● **What you need to do**
In the records below, the part to copy starts at the line containing "0.6 seconds since image 1 was captured." and goes to the last line; output it exactly, without pictures.

● **The data**
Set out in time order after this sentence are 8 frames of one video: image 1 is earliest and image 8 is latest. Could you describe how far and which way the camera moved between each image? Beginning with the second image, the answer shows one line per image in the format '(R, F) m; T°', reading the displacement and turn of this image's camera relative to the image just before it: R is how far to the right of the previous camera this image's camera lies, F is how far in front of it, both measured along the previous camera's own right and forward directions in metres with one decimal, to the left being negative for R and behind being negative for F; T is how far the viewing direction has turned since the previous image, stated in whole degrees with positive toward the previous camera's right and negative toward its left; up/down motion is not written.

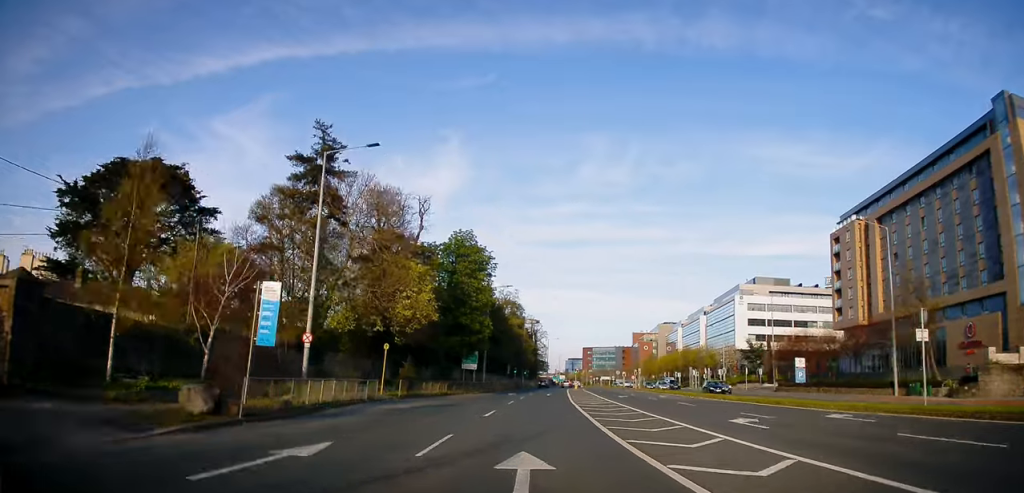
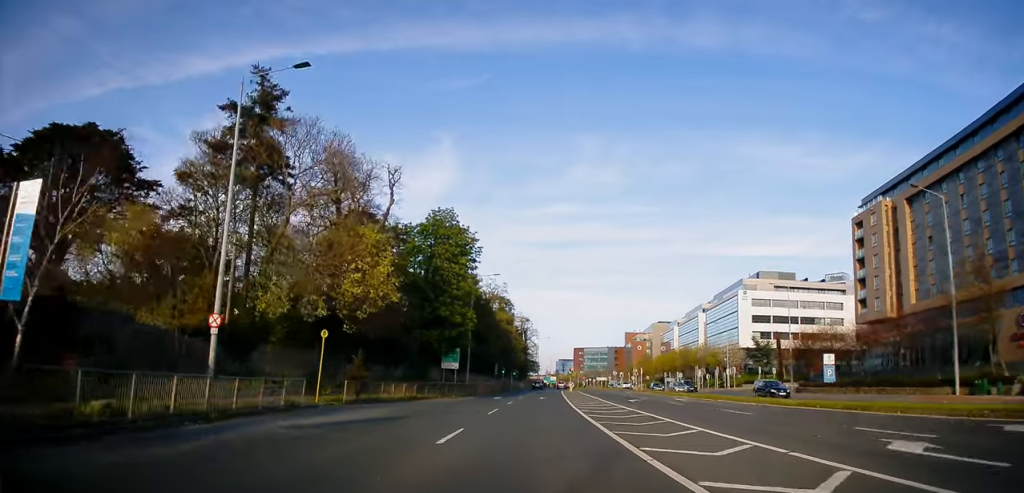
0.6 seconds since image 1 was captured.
(+0.3, +10.0) m; +1°
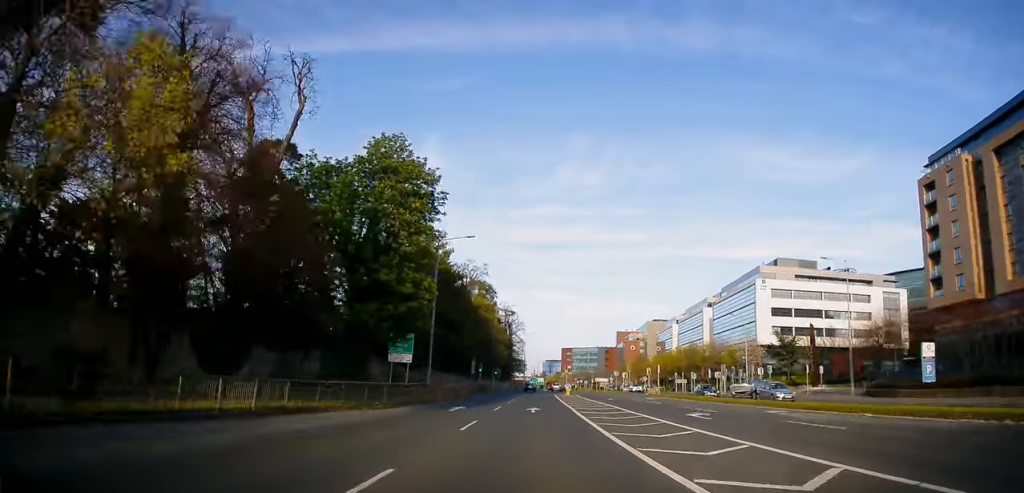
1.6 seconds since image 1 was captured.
(+0.3, +19.0) m; 0°
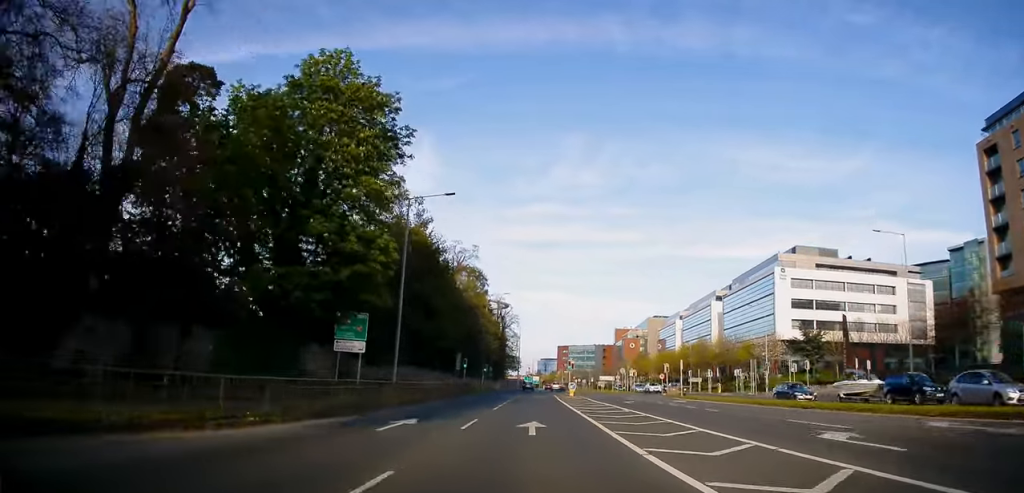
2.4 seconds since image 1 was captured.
(0.0, +12.4) m; 0°
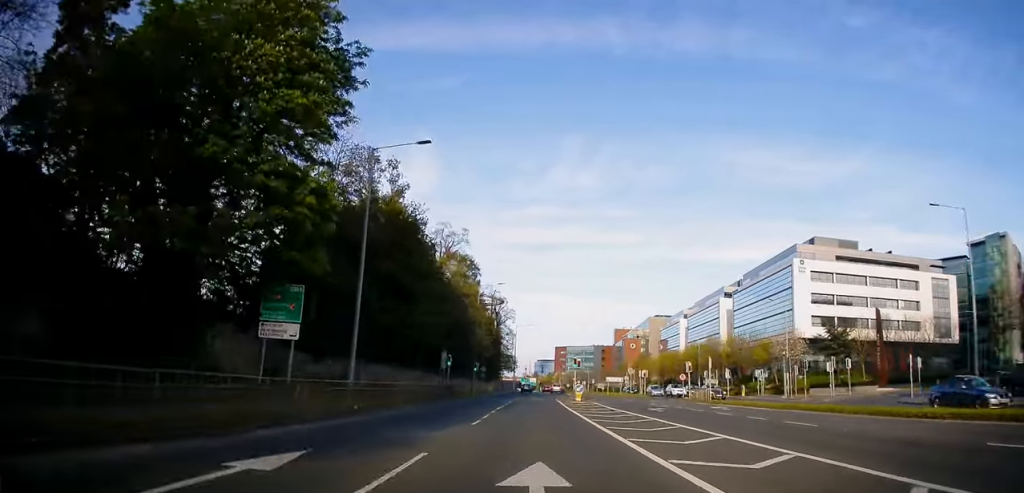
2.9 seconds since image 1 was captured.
(-0.1, +9.5) m; 0°
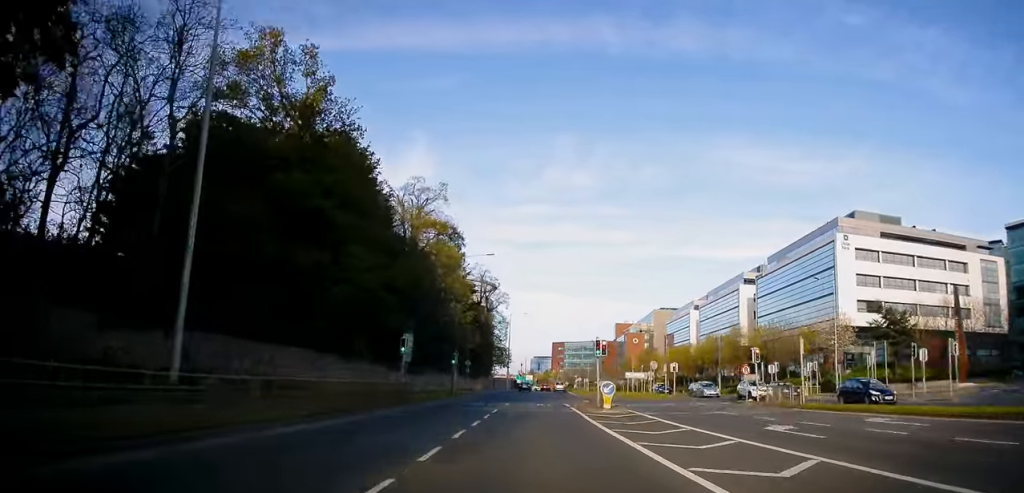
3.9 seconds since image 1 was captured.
(+0.1, +16.6) m; +1°
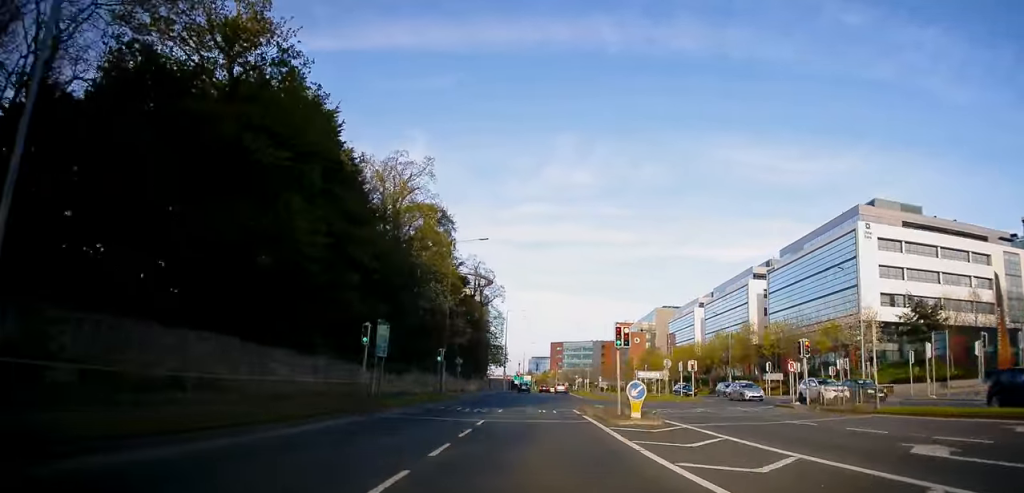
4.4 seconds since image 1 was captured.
(+0.1, +7.1) m; +1°
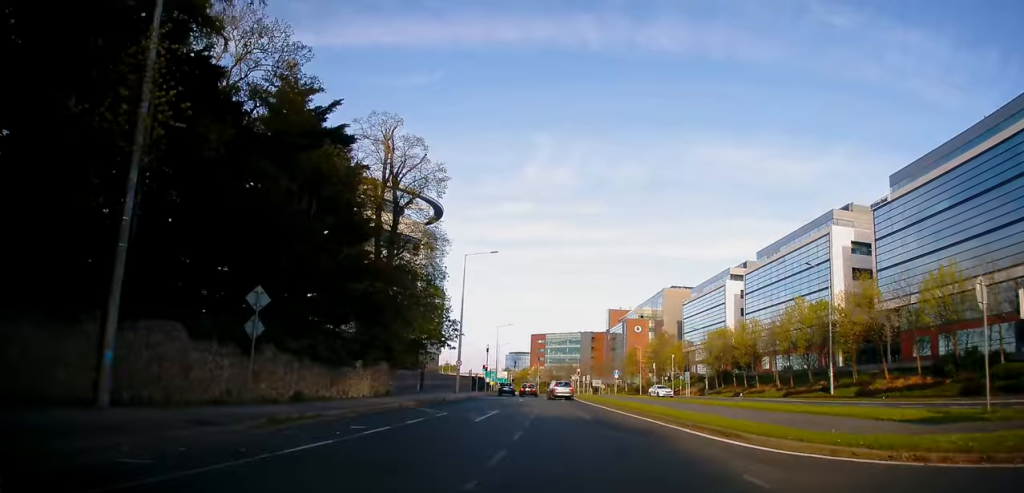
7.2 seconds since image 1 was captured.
(+1.5, +42.7) m; +1°

● **Written solution**
0.6 seconds since image 1 was captured.
(+0.3, +10.0) m; +1°
1.6 seconds since image 1 was captured.
(+0.3, +19.0) m; 0°
2.4 seconds since image 1 was captured.
(0.0, +12.4) m; 0°
2.9 seconds since image 1 was captured.
(-0.1, +9.5) m; 0°
3.9 seconds since image 1 was captured.
(+0.1, +16.6) m; +1°
4.4 seconds since image 1 was captured.
(+0.1, +7.1) m; +1°
7.2 seconds since image 1 was captured.
(+1.5, +42.7) m; +1°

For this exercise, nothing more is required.